Press-Republican

Guest Column

April 14, 2013

CV TEC changing at the top

I heard recently that Dr. Barry Mack, CV TEC director, is retiring in June. Along with Clinton Community College, CV TEC plays a critical role in ensuring that area employers have access to a highly trained workforce.

Both schools are key assets in attracting businesses to Clinton County and in ensuring that businesses stay and expand in the region.

Because of the important role CV TEC plays, my hope is that the search committee solicits input from both community and business leaders regarding what skill set the next director should have.

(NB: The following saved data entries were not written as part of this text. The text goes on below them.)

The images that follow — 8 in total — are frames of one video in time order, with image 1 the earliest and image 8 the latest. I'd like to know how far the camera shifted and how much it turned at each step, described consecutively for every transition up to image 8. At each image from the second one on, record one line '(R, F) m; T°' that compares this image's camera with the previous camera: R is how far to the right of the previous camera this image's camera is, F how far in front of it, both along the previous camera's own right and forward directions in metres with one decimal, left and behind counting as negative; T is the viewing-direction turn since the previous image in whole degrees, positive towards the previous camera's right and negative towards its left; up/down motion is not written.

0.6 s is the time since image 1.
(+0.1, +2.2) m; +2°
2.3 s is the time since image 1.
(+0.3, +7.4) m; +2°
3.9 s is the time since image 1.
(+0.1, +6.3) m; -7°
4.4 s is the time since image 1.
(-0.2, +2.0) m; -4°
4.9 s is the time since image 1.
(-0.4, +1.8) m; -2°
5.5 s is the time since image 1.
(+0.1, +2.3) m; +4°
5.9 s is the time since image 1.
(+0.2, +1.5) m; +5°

Not that anyone has asked me (or will); so I’ll just offer my input here.

While I’m sure there are arcane and bureaucratic requirements that the person serving as CV TEC director needs to have, my belief is that CV TEC doesn’t need an academician or bureaucrat as its next director.

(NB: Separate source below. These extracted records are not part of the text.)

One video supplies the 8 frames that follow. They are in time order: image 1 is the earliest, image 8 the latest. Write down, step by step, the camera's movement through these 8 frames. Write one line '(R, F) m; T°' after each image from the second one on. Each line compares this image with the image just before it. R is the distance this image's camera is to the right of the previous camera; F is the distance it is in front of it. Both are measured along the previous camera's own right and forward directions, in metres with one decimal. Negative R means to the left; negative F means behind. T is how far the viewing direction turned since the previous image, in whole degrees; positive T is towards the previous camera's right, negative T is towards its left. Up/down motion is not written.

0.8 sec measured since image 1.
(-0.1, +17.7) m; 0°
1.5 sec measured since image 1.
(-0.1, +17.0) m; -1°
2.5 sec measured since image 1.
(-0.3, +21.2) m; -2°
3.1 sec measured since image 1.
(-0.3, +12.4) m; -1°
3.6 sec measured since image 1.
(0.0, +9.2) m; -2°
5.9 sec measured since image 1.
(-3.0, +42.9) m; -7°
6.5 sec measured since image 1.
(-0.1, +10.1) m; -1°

CV TEC has plenty of each.

What CV TEC needs is a leader, someone entrepreneurial with marketing expertise who is capable of repositioning the school in the minds of parents, guidance counselors and students.

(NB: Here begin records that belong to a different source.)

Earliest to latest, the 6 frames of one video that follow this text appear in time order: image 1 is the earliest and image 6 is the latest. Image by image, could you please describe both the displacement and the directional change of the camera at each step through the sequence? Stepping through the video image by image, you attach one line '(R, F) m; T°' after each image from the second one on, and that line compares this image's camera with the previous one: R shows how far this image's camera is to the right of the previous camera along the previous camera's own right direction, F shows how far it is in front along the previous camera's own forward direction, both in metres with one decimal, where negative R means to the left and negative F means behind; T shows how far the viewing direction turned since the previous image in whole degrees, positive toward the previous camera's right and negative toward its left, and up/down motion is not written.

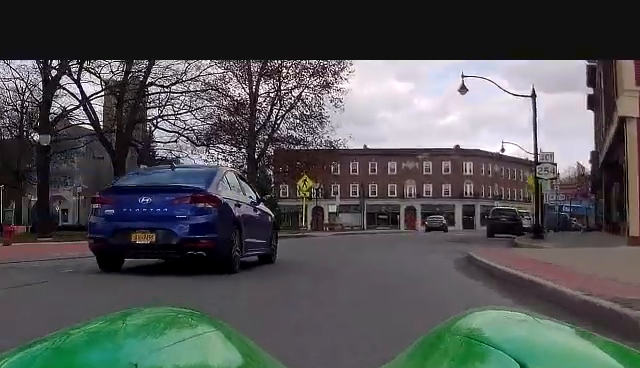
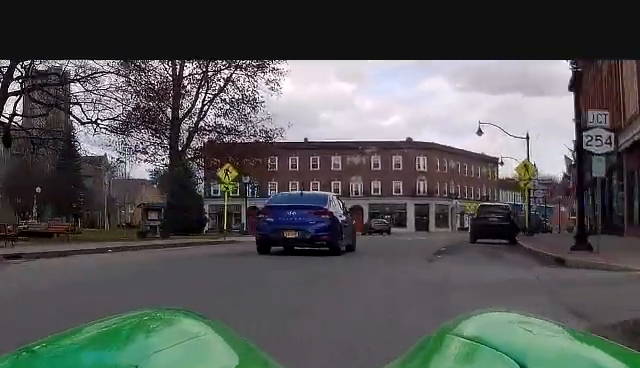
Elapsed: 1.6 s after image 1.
(+0.4, +12.0) m; +5°
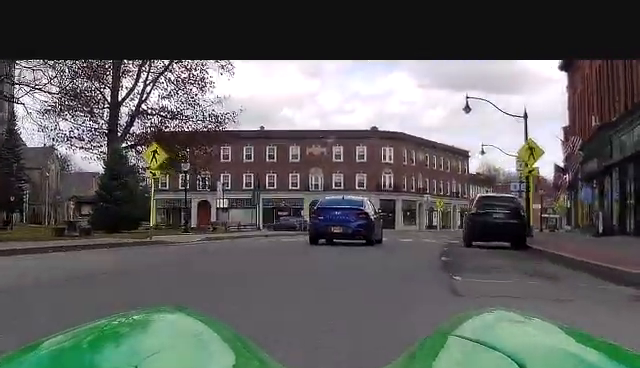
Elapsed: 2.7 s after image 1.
(+0.2, +8.1) m; +2°
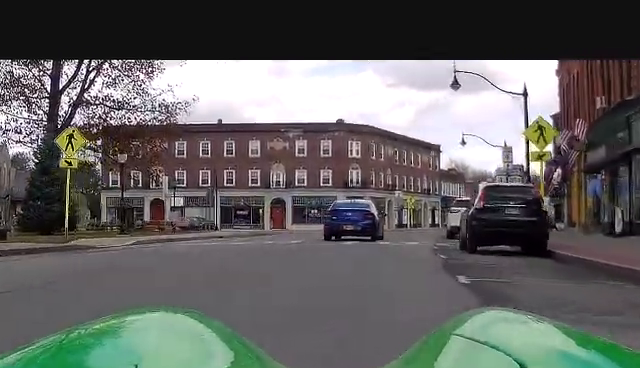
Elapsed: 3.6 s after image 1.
(0.0, +6.3) m; 0°
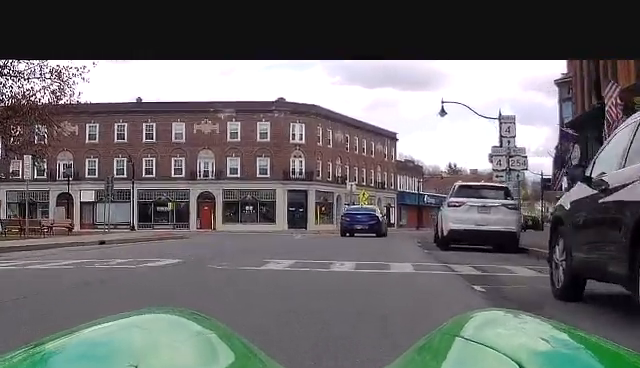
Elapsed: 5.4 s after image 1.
(0.0, +13.1) m; +1°
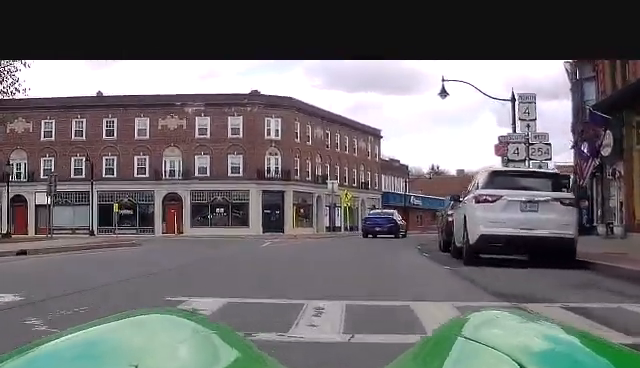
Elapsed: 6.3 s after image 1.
(0.0, +6.3) m; +3°

Repositioning an organization isn’t a blue-sky academic exercise, it’s hard work that requires a set of specific skills. Positioning the brand that is CV TEC is about how its customer base (students and employers) view the school. It’s more about what’s important to them, it’s less about what’s important to CV TEC.

Essentially, CV TEC is a proprietary training institution that competes with “traditional” high schools for students in the same way that other businesses compete for customers. CV TEC operates similarly to a for-profit training institution. Its budget is predicated on the number of students who enroll.

And enrollments are down.

Why?

Well, for many, there’s a stigma associated with attending CV TEC. For decades, parents, teachers, guidance counselors and the media have driven home the point that to be “successful” you need to earn a college degree. A bachelor’s degree was the ticket that allowed entry to the middle class. Over the years, attending a “vocational school” became viewed as the place where high-school students went who weren’t doing well enough academically to be accepted at a college or university.